七月の台風で土石流が発生したらしく、草木が覆われているところもあります。

毒を持っているようには見えないのですが、トリカブト。
 森林管理局の安比歩道からそれて安比湿原に行く道は特に標識などはありません。逆方向に歩いて来た人のために安比高原方向の小さな案内板だけがあります。安比嶽への急な登坂にかかる前の小さな沢沿いに下っていきます。  安比湿原は高低2つの湿原を合わせてそう呼んでいるようです。上の方からのアプローチになりますので、高いほうの湿原がまず現れます。
 八幡平周辺の湿原をくまなく歩いてみたいのですが、ほとんどは道が書いてありません。.この湿原も地形図を見た限りでは東方の道からの藪こぎが最短ルートのようでした。ですが道無き原生林を横断するのはとんでもなく大変な事だし戻って来られる保証が無い。工事用の水糸をトレース代わりに引いていく事も検討しましたが、リスクがおおきいし。残雪期なら可能ですが、せっかくの湿原が雪と氷ではつまらないし。ネット上でさがしたらこのコースがありました。

 
足元にはミズゴケの分厚い層。これが毎年腐らずに固まって高層湿原になるのでしょうか。

 
ミズゴケの上にはモウセンゴケが生えています。そして餌食になったトンボの羽根がたくさん残っていました.これも自然の摂理です。

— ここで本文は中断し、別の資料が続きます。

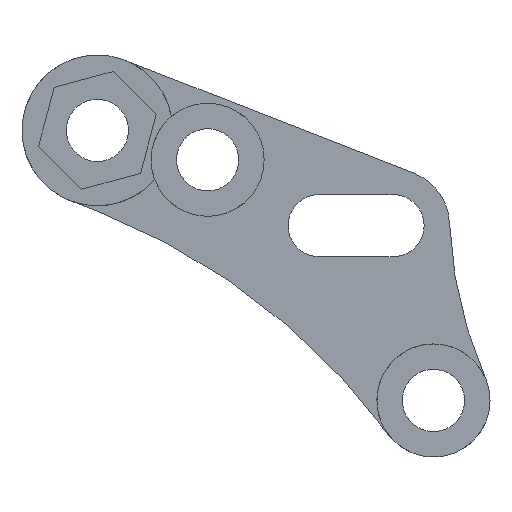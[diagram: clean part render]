
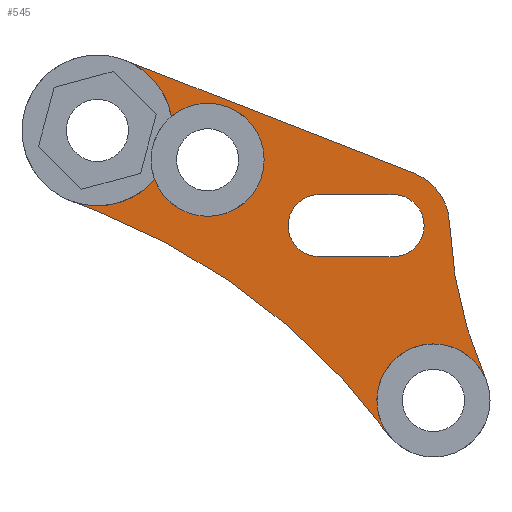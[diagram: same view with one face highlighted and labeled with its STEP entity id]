
A CAD part, left-side view. The second image highlights one B-rep face of the part: STEP entity #545.
In plain terms, the highlighted planar face has unit normal (-1, 0, 0).
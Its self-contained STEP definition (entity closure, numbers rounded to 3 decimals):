
#21=FACE_BOUND('',#94,.T.);
#36=PLANE('',#612);
#58=FACE_OUTER_BOUND('',#93,.T.);
#93=EDGE_LOOP('',(#452,#453,#454,#455,#456,#457,#458,#459,#460,#461));
#94=EDGE_LOOP('',(#462,#463,#464,#465));
#111=LINE('',#817,#156);
#140=LINE('',#924,#185);
#141=LINE('',#932,#186);
#142=LINE('',#936,#187);
#156=VECTOR('',#646,10.);
#185=VECTOR('',#753,10.);
#186=VECTOR('',#760,10.);
#187=VECTOR('',#763,10.);
#200=CIRCLE('',#574,35.);
#202=CIRCLE('',#578,23.);
#205=CIRCLE('',#582,3.);
#223=CIRCLE('',#613,4.);
#224=CIRCLE('',#614,3.);
#225=CIRCLE('',#615,4.);
#226=CIRCLE('',#616,3.);
#227=CIRCLE('',#617,3.);
#228=CIRCLE('',#618,1.65);
#229=CIRCLE('',#619,1.65);
#234=VERTEX_POINT('',#810);
#235=VERTEX_POINT('',#812);
#236=VERTEX_POINT('',#816);
#240=VERTEX_POINT('',#825);
#241=VERTEX_POINT('',#827);
#273=VERTEX_POINT('',#919);
#274=VERTEX_POINT('',#921);
#275=VERTEX_POINT('',#923);
#276=VERTEX_POINT('',#925);
#277=VERTEX_POINT('',#927);
#278=VERTEX_POINT('',#930);
#279=VERTEX_POINT('',#931);
#280=VERTEX_POINT('',#933);
#281=VERTEX_POINT('',#935);
#286=EDGE_CURVE('',#234,#235,#200,.T.);
#288=EDGE_CURVE('',#236,#235,#111,.T.);
#293=EDGE_CURVE('',#241,#240,#202,.F.);
#298=EDGE_CURVE('',#241,#234,#205,.T.);
#339=EDGE_CURVE('',#273,#236,#223,.T.);
#340=EDGE_CURVE('',#240,#274,#224,.T.);
#341=EDGE_CURVE('',#274,#275,#140,.T.);
#342=EDGE_CURVE('',#275,#276,#225,.T.);
#343=EDGE_CURVE('',#276,#277,#226,.T.);
#344=EDGE_CURVE('',#277,#273,#227,.T.);
#345=EDGE_CURVE('',#278,#279,#141,.T.);
#346=EDGE_CURVE('',#279,#280,#228,.T.);
#347=EDGE_CURVE('',#280,#281,#142,.T.);
#348=EDGE_CURVE('',#281,#278,#229,.T.);
#452=ORIENTED_EDGE('',*,*,#339,.T.);
#453=ORIENTED_EDGE('',*,*,#288,.T.);
#454=ORIENTED_EDGE('',*,*,#286,.F.);
#455=ORIENTED_EDGE('',*,*,#298,.F.);
#456=ORIENTED_EDGE('',*,*,#293,.T.);
#457=ORIENTED_EDGE('',*,*,#340,.T.);
#458=ORIENTED_EDGE('',*,*,#341,.T.);
#459=ORIENTED_EDGE('',*,*,#342,.T.);
#460=ORIENTED_EDGE('',*,*,#343,.T.);
#461=ORIENTED_EDGE('',*,*,#344,.T.);
#462=ORIENTED_EDGE('',*,*,#345,.T.);
#463=ORIENTED_EDGE('',*,*,#346,.T.);
#464=ORIENTED_EDGE('',*,*,#347,.T.);
#465=ORIENTED_EDGE('',*,*,#348,.T.);
#545=ADVANCED_FACE('',(#58,#21),#36,.F.);
#574=AXIS2_PLACEMENT_3D('',#813,#641,#642);
#578=AXIS2_PLACEMENT_3D('',#828,#654,#655);
#582=AXIS2_PLACEMENT_3D('',#836,#664,#665);
#612=AXIS2_PLACEMENT_3D('',#918,#747,#748);
#613=AXIS2_PLACEMENT_3D('',#920,#749,#750);
#614=AXIS2_PLACEMENT_3D('',#922,#751,#752);
#615=AXIS2_PLACEMENT_3D('',#926,#754,#755);
#616=AXIS2_PLACEMENT_3D('',#928,#756,#757);
#617=AXIS2_PLACEMENT_3D('',#929,#758,#759);
#618=AXIS2_PLACEMENT_3D('',#934,#761,#762);
#619=AXIS2_PLACEMENT_3D('',#937,#764,#765);
#641=DIRECTION('center_axis',(-1.,0.,0.));
#642=DIRECTION('ref_axis',(0.,0.364,-0.931));
#646=DIRECTION('',(0.,-0.931,-0.364));
#654=DIRECTION('center_axis',(-1.,0.,0.));
#655=DIRECTION('ref_axis',(0.,-0.917,0.4));
#664=DIRECTION('center_axis',(-1.,0.,0.));
#665=DIRECTION('ref_axis',(0.,1.,0.));
#747=DIRECTION('center_axis',(1.,0.,0.));
#748=DIRECTION('ref_axis',(0.,1.,0.));
#749=DIRECTION('center_axis',(1.,0.,0.));
#750=DIRECTION('ref_axis',(0.,1.,0.));
#751=DIRECTION('center_axis',(-1.,0.,0.));
#752=DIRECTION('ref_axis',(0.,-0.364,0.931));
#753=DIRECTION('',(0.,0.931,0.364));
#754=DIRECTION('center_axis',(1.,0.,0.));
#755=DIRECTION('ref_axis',(0.,1.,0.));
#756=DIRECTION('center_axis',(1.,0.,0.));
#757=DIRECTION('ref_axis',(0.,1.,0.));
#758=DIRECTION('center_axis',(1.,0.,0.));
#759=DIRECTION('ref_axis',(0.,1.,0.));
#760=DIRECTION('',(0.,-1.,0.));
#761=DIRECTION('center_axis',(1.,0.,0.));
#762=DIRECTION('ref_axis',(0.,1.,0.));
#763=DIRECTION('',(0.,1.,0.));
#764=DIRECTION('center_axis',(1.,0.,0.));
#765=DIRECTION('ref_axis',(0.,1.,0.));
#810=CARTESIAN_POINT('',(-2.,98.85,94.597));
#812=CARTESIAN_POINT('',(-2.,114.282,106.42));
#813=CARTESIAN_POINT('Origin',(-2.,127.015,73.818));
#816=CARTESIAN_POINT('',(-2.,115.727,106.984));
#817=CARTESIAN_POINT('',(-2.,115.727,106.984));
#825=CARTESIAN_POINT('',(-2.,95.585,105.785));
#827=CARTESIAN_POINT('',(-2.,93.687,97.577));
#828=CARTESIAN_POINT('Origin',(-2.,72.606,106.776));
#836=CARTESIAN_POINT('Origin',(-2.,96.436,96.378));
#918=CARTESIAN_POINT('Origin',(-2.,105.854,104.044));
#919=CARTESIAN_POINT('',(-2.,111.234,108.108));
#920=CARTESIAN_POINT('Origin',(-2.,114.272,110.71));
#921=CARTESIAN_POINT('',(-2.,97.49,108.45));
#922=CARTESIAN_POINT('Origin',(-2.,98.582,105.655));
#923=CARTESIAN_POINT('',(-2.,112.817,114.436));
#924=CARTESIAN_POINT('',(-2.,112.817,114.436));
#925=CARTESIAN_POINT('',(-2.,110.342,111.453));
#926=CARTESIAN_POINT('Origin',(-2.,114.272,110.71));
#927=CARTESIAN_POINT('',(-2.,105.42,109.149));
#928=CARTESIAN_POINT('Origin',(-2.,108.42,109.149));
#929=CARTESIAN_POINT('Origin',(-2.,108.42,109.149));
#930=CARTESIAN_POINT('',(-2.,102.5,107.305));
#931=CARTESIAN_POINT('',(-2.,98.582,107.305));
#932=CARTESIAN_POINT('',(-2.,102.5,107.305));
#933=CARTESIAN_POINT('',(-2.,98.582,104.005));
#934=CARTESIAN_POINT('Origin',(-2.,98.582,105.655));
#935=CARTESIAN_POINT('',(-2.,102.5,104.005));
#936=CARTESIAN_POINT('',(-2.,102.5,104.005));
#937=CARTESIAN_POINT('Origin',(-2.,102.5,105.655));

 「湿原」の名のとおり、防水の靴でないと大変です.。また木道などはありません。やがて訪れる登山客が多くなれば保護の必要性から設置されるかもしれません。今のところ森の熊さんとおなじ扱いで自由に歩かせてもらう事にしました。

 
控えめな花たちが残っています。今度は春にもっといろんな花がある季節に来て見よう。

 上空から見ないとわかりにくいのですが、湿原には無数の池塘がちりばめられています。草原を歩いていってみつけた!という感じです。

沢桔梗でしょうか、群落があります

 ここはまだ1段目(高いほう)の湿原です。この奥にさらにもっと広い第2の湿原があるのです。でもネットで調べた限りでは道は無く思いとどまったというような事しか情報がありません。

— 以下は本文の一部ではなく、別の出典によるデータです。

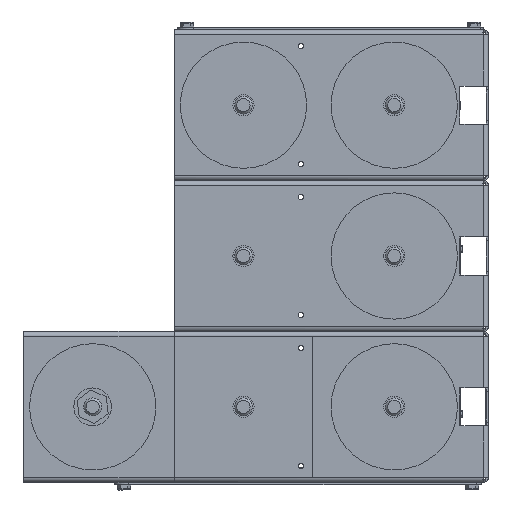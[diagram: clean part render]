
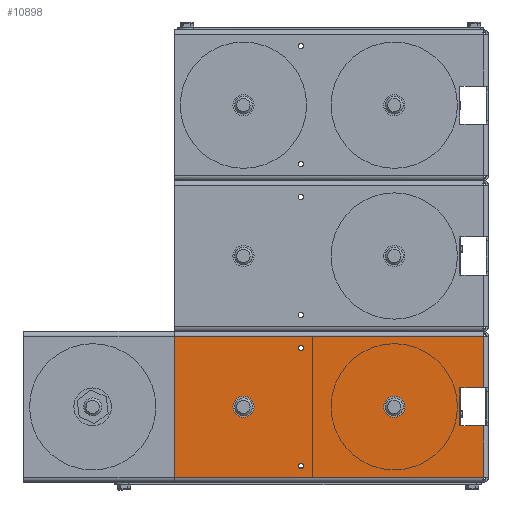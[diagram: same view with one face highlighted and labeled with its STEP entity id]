
A CAD part, front view. The second image highlights one B-rep face of the part: STEP entity #10898.
In plain terms, the highlighted planar face has unit normal (0, -1, 0).
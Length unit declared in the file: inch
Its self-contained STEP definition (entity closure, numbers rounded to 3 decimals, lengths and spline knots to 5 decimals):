
#458=FACE_BOUND('',#1717,.T.);
#459=FACE_BOUND('',#1718,.T.);
#460=FACE_BOUND('',#1719,.T.);
#461=FACE_BOUND('',#1720,.T.);
#676=PLANE('',#11952);
#1103=FACE_OUTER_BOUND('',#1716,.T.);
#1716=EDGE_LOOP('',(#7850,#7851,#7852,#7853,#7854,#7855,#7856,#7857,#7858,
#7859,#7860,#7861));
#1717=EDGE_LOOP('',(#7862));
#1718=EDGE_LOOP('',(#7863));
#1719=EDGE_LOOP('',(#7864));
#1720=EDGE_LOOP('',(#7865));
#2536=LINE('',#16146,#3585);
#2538=LINE('',#16152,#3587);
#2542=LINE('',#16162,#3591);
#2543=LINE('',#16164,#3592);
#2544=LINE('',#16166,#3593);
#2545=LINE('',#16168,#3594);
#2546=LINE('',#16170,#3595);
#2547=LINE('',#16172,#3596);
#2548=LINE('',#16174,#3597);
#2549=LINE('',#16176,#3598);
#2550=LINE('',#16178,#3599);
#2551=LINE('',#16179,#3600);
#3585=VECTOR('',#13207,0.3937);
#3587=VECTOR('',#13213,0.3937);
#3591=VECTOR('',#13221,0.3937);
#3592=VECTOR('',#13222,0.3937);
#3593=VECTOR('',#13223,0.3937);
#3594=VECTOR('',#13224,0.3937);
#3595=VECTOR('',#13225,0.3937);
#3596=VECTOR('',#13226,0.3937);
#3597=VECTOR('',#13227,0.3937);
#3598=VECTOR('',#13228,0.3937);
#3599=VECTOR('',#13229,0.3937);
#3600=VECTOR('',#13230,0.3937);
#4606=CIRCLE('',#11936,0.28);
#4608=CIRCLE('',#11939,0.28);
#4610=CIRCLE('',#11942,0.07);
#4612=CIRCLE('',#11945,0.07);
#4998=VERTEX_POINT('',#16118);
#5000=VERTEX_POINT('',#16124);
#5002=VERTEX_POINT('',#16130);
#5004=VERTEX_POINT('',#16136);
#5007=VERTEX_POINT('',#16143);
#5008=VERTEX_POINT('',#16145);
#5010=VERTEX_POINT('',#16151);
#5014=VERTEX_POINT('',#16161);
#5015=VERTEX_POINT('',#16163);
#5016=VERTEX_POINT('',#16165);
#5017=VERTEX_POINT('',#16167);
#5018=VERTEX_POINT('',#16169);
#5019=VERTEX_POINT('',#16171);
#5020=VERTEX_POINT('',#16173);
#5021=VERTEX_POINT('',#16175);
#5022=VERTEX_POINT('',#16177);
#6108=EDGE_CURVE('',#4998,#4998,#4606,.T.);
#6111=EDGE_CURVE('',#5000,#5000,#4608,.T.);
#6114=EDGE_CURVE('',#5002,#5002,#4610,.T.);
#6117=EDGE_CURVE('',#5004,#5004,#4612,.T.);
#6121=EDGE_CURVE('',#5007,#5008,#2536,.T.);
#6124=EDGE_CURVE('',#5010,#5008,#2538,.T.);
#6129=EDGE_CURVE('',#5014,#5007,#2542,.T.);
#6130=EDGE_CURVE('',#5015,#5014,#2543,.T.);
#6131=EDGE_CURVE('',#5016,#5015,#2544,.T.);
#6132=EDGE_CURVE('',#5017,#5016,#2545,.T.);
#6133=EDGE_CURVE('',#5017,#5018,#2546,.T.);
#6134=EDGE_CURVE('',#5018,#5019,#2547,.T.);
#6135=EDGE_CURVE('',#5019,#5020,#2548,.T.);
#6136=EDGE_CURVE('',#5020,#5021,#2549,.T.);
#6137=EDGE_CURVE('',#5021,#5022,#2550,.T.);
#6138=EDGE_CURVE('',#5022,#5010,#2551,.T.);
#7850=ORIENTED_EDGE('',*,*,#6121,.F.);
#7851=ORIENTED_EDGE('',*,*,#6129,.F.);
#7852=ORIENTED_EDGE('',*,*,#6130,.F.);
#7853=ORIENTED_EDGE('',*,*,#6131,.F.);
#7854=ORIENTED_EDGE('',*,*,#6132,.F.);
#7855=ORIENTED_EDGE('',*,*,#6133,.T.);
#7856=ORIENTED_EDGE('',*,*,#6134,.T.);
#7857=ORIENTED_EDGE('',*,*,#6135,.T.);
#7858=ORIENTED_EDGE('',*,*,#6136,.T.);
#7859=ORIENTED_EDGE('',*,*,#6137,.T.);
#7860=ORIENTED_EDGE('',*,*,#6138,.T.);
#7861=ORIENTED_EDGE('',*,*,#6124,.T.);
#7862=ORIENTED_EDGE('',*,*,#6108,.T.);
#7863=ORIENTED_EDGE('',*,*,#6111,.T.);
#7864=ORIENTED_EDGE('',*,*,#6114,.T.);
#7865=ORIENTED_EDGE('',*,*,#6117,.T.);
#10898=ADVANCED_FACE('',(#1103,#458,#459,#460,#461),#676,.T.);
#11936=AXIS2_PLACEMENT_3D('',#16119,#13177,#13178);
#11939=AXIS2_PLACEMENT_3D('',#16125,#13184,#13185);
#11942=AXIS2_PLACEMENT_3D('',#16131,#13191,#13192);
#11945=AXIS2_PLACEMENT_3D('',#16137,#13198,#13199);
#11952=AXIS2_PLACEMENT_3D('',#16160,#13219,#13220);
#13177=DIRECTION('center_axis',(0.,1.,0.));
#13178=DIRECTION('ref_axis',(-1.,0.,0.));
#13184=DIRECTION('center_axis',(0.,1.,0.));
#13185=DIRECTION('ref_axis',(-1.,0.,0.));
#13191=DIRECTION('center_axis',(0.,1.,0.));
#13192=DIRECTION('ref_axis',(-1.,0.,0.));
#13198=DIRECTION('center_axis',(0.,1.,0.));
#13199=DIRECTION('ref_axis',(-1.,0.,0.));
#13207=DIRECTION('',(0.,0.,-1.));
#13213=DIRECTION('',(1.,0.,0.));
#13219=DIRECTION('center_axis',(0.,-1.,0.));
#13220=DIRECTION('ref_axis',(0.,0.,-1.));
#13221=DIRECTION('',(1.,0.,0.));
#13222=DIRECTION('',(0.,0.,1.));
#13223=DIRECTION('',(-1.,0.,0.));
#13224=DIRECTION('',(0.,0.,-1.));
#13225=DIRECTION('',(-1.,0.,0.));
#13226=DIRECTION('',(0.,0.,1.));
#13227=DIRECTION('',(-1.,0.,0.));
#13228=DIRECTION('',(0.,0.,1.));
#13229=DIRECTION('',(1.,0.,0.));
#13230=DIRECTION('',(0.,0.,1.));
#16118=CARTESIAN_POINT('',(-2.22,-0.0635,0.));
#16119=CARTESIAN_POINT('Origin',(-2.5,-0.0635,
0.));
#16124=CARTESIAN_POINT('',(-6.22,-0.0635,0.));
#16125=CARTESIAN_POINT('Origin',(-6.5,-0.0635,
0.));
#16130=CARTESIAN_POINT('',(-4.91,-0.0635,-1.565));
#16131=CARTESIAN_POINT('Origin',(-4.98,-0.0635,-1.565));
#16136=CARTESIAN_POINT('',(-4.91,-0.0635,1.565));
#16137=CARTESIAN_POINT('Origin',(-4.98,-0.0635,1.565));
#16143=CARTESIAN_POINT('',(-0.127,-0.0635,1.873));
#16145=CARTESIAN_POINT('',(-0.127,-0.0635,0.505));
#16146=CARTESIAN_POINT('',(-0.127,-0.0635,0.));
#16151=CARTESIAN_POINT('',(-0.76,-0.0635,0.505));
#16152=CARTESIAN_POINT('',(0.,-0.0635,0.505));
#16160=CARTESIAN_POINT('Origin',(0.,-0.0635,0.));
#16161=CARTESIAN_POINT('',(-8.34,-0.0635,1.873));
#16162=CARTESIAN_POINT('',(-0.6063,-0.0635,1.873));
#16163=CARTESIAN_POINT('',(-8.34,-0.0635,-1.873));
#16164=CARTESIAN_POINT('',(-8.34,-0.0635,0.));
#16165=CARTESIAN_POINT('',(-0.127,-0.0635,-1.873));
#16166=CARTESIAN_POINT('',(-0.6063,-0.0635,-1.873));
#16167=CARTESIAN_POINT('',(-0.127,-0.0635,-0.505));
#16168=CARTESIAN_POINT('',(-0.127,-0.0635,0.));
#16169=CARTESIAN_POINT('',(-0.76,-0.0635,-0.505));
#16170=CARTESIAN_POINT('',(0.,-0.0635,-0.505));
#16171=CARTESIAN_POINT('',(-0.76,-0.0635,-0.475));
#16172=CARTESIAN_POINT('',(-0.76,-0.0635,-0.2275));
#16173=CARTESIAN_POINT('',(-0.7635,-0.0635,-0.475));
#16174=CARTESIAN_POINT('',(-0.38175,-0.0635,-0.475));
#16175=CARTESIAN_POINT('',(-0.7635,-0.0635,0.475));
#16176=CARTESIAN_POINT('',(-0.7635,-0.0635,0.2375));
#16177=CARTESIAN_POINT('',(-0.76,-0.0635,0.475));
#16178=CARTESIAN_POINT('',(-0.03175,-0.0635,0.475));
#16179=CARTESIAN_POINT('',(-0.76,-0.0635,0.2275));

地形図で判断して、第二の湿原に最も近いと思われる所に行ってみました。なるほど道はありません。すごい藪ばっかし…。 でも。 山歩きで道の無いところへのアプローチは普通、沢伝いに進んでゆきます。

 
思い切って低くなった部分のやぶを掻き分けてみたら流れがありました。これならなんとかスリップに注意しながらだと進めそうです。このために長靴で歩いてきたのです。足も濡れなくて済むし。 ただし気をつけなければならないのは、枝沢を多く合流しながら降りてゆくことです。下りは迷わないのですが、帰りには左右どちらの沢から降りてきたかわからなくなりそうです。そういう分岐が5箇所ほど重なります。 姥捨て山のお話ではありませんが、道しるべの代わりに、小枝を折りながら今来た方向がわかるように目印を付けて進みました。
 案の定、帰りに何度かわからなくなりそうでしたが、折れた小枝を探して、事なきを得ました。もっとわからない時のために色のついた紙テープ(布だと長く残ってしまうので)も用意したのですが、つかう程ではありませんでした。


20分ほど沢の中を進んだでしょうか。間もなく木の隙間から目指す第2の湿原が見えてきました。(明るい部分)


少し葦原を下りていって、流れ込みを振り返ったところ。傾斜がわかります。

 
湿原とひと口に言っても、成因によって種類があります。低い方の(第2の)湿原は結構傾斜があります。というのは、上流の第一湿原からは結構な水量が絶えず流れ込んでいるため、栄養分や土砂が溜まってゆきます。いわば扇状地のような形状で傾斜のある葦原がまず形成されます。そこから濾過された水がじわじわと流れ下って、池塘をちりばめられた高層湿原をなしています。
 流れ込みから下方を望む。遠くに池塘

 
このあと、湿原を時計を気にしながら散策。でも雨がまた降り始めました。オニヤンマが産卵をしている羽音が響いています。

 しばし湿原を独り占めにして、満足感に浸って、帰途につきました。